*** Opening Input data ***

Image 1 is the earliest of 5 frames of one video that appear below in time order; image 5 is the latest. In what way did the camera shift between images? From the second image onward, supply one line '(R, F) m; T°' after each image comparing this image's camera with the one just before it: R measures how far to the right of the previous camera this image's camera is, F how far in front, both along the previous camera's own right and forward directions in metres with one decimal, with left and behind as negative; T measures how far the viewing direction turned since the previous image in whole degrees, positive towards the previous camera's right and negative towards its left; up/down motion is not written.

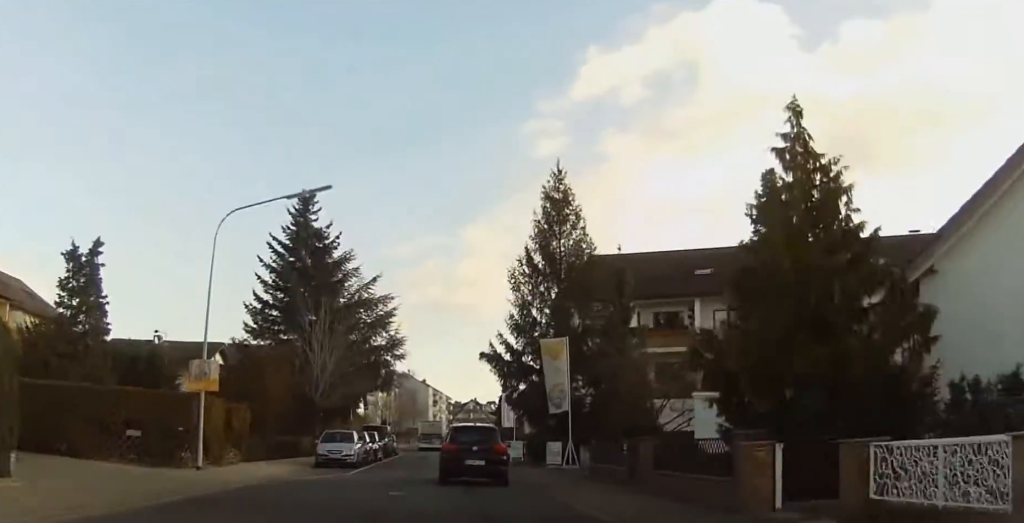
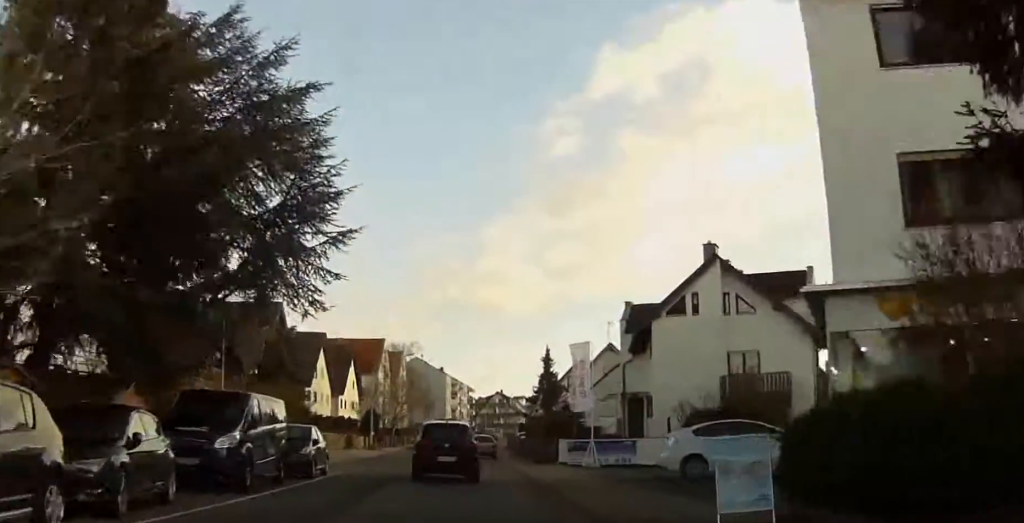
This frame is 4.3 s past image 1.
(-0.4, +38.9) m; -1°
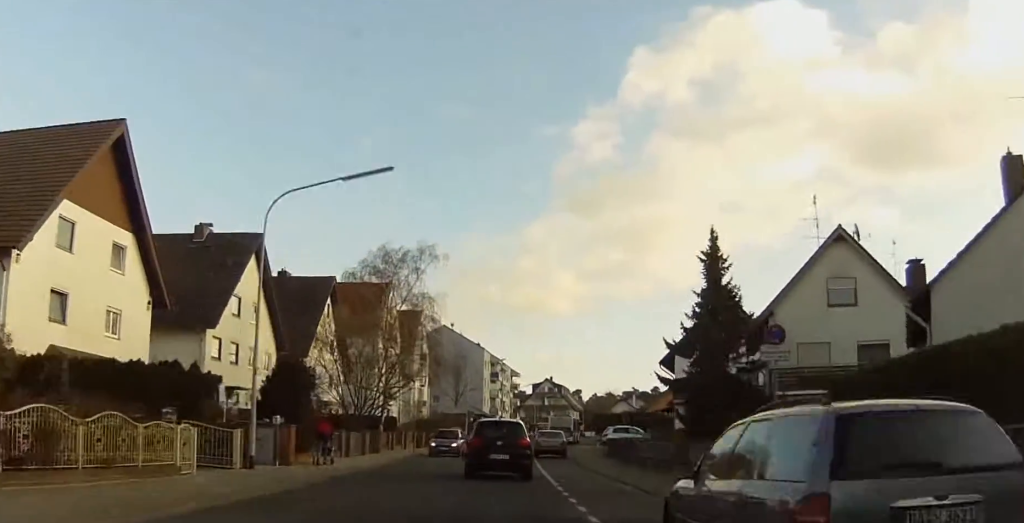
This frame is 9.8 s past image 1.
(+1.7, +48.1) m; +1°
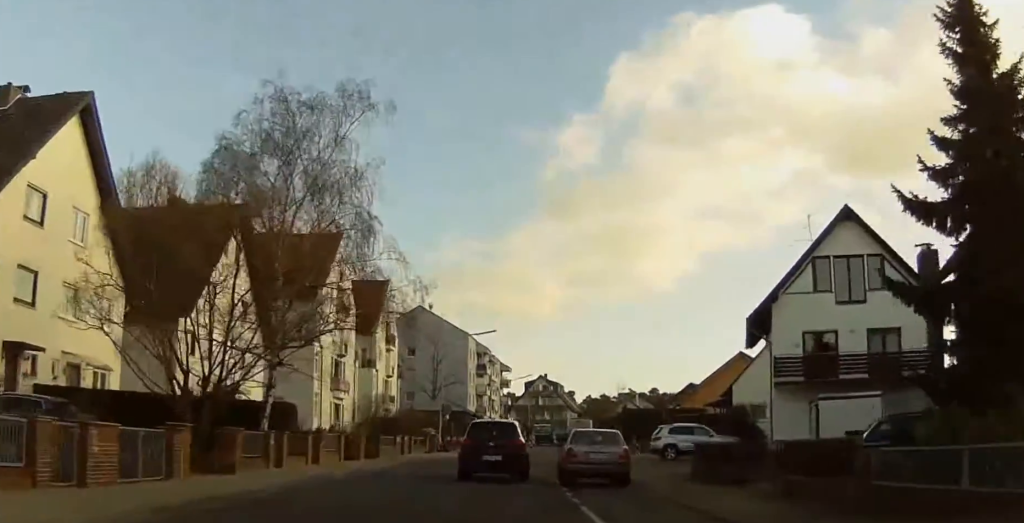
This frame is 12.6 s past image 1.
(-0.3, +23.3) m; +1°
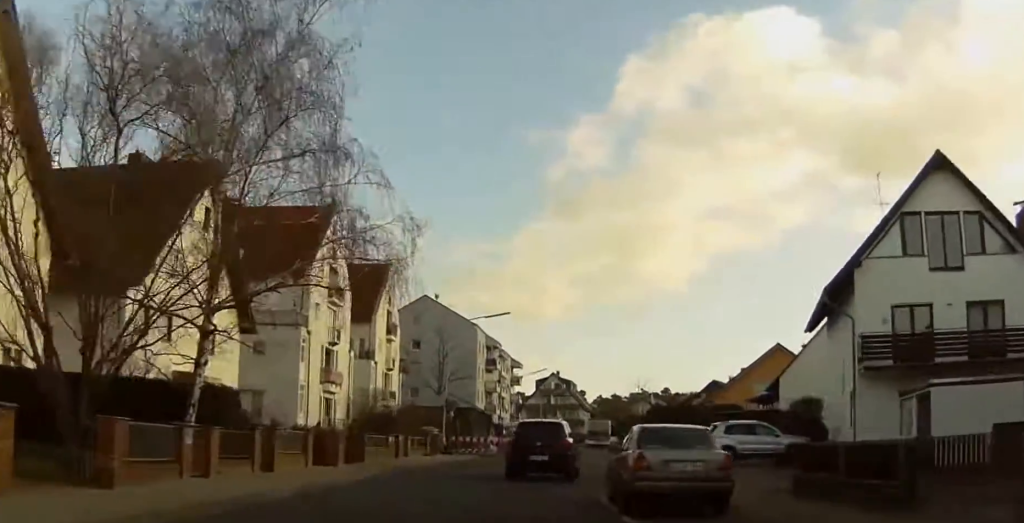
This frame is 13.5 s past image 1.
(+0.2, +7.7) m; +1°

*** Closing Input data ***

**What needs to be done**
Repeat each entry exactly. Pictures do not belong in the copy.

**Answer box**
Image 1 is the earliest of 5 frames of one video that appear below in time order; image 5 is the latest. In what way did the camera shift between images? From the second image onward, supply one line '(R, F) m; T°' after each image comparing this image's camera with the one just before it: R measures how far to the right of the previous camera this image's camera is, F how far in front, both along the previous camera's own right and forward directions in metres with one decimal, with left and behind as negative; T measures how far the viewing direction turned since the previous image in whole degrees, positive towards the previous camera's right and negative towards its left; up/down motion is not written.

This frame is 4.3 s past image 1.
(-0.4, +38.9) m; -1°
This frame is 9.8 s past image 1.
(+1.7, +48.1) m; +1°
This frame is 12.6 s past image 1.
(-0.3, +23.3) m; +1°
This frame is 13.5 s past image 1.
(+0.2, +7.7) m; +1°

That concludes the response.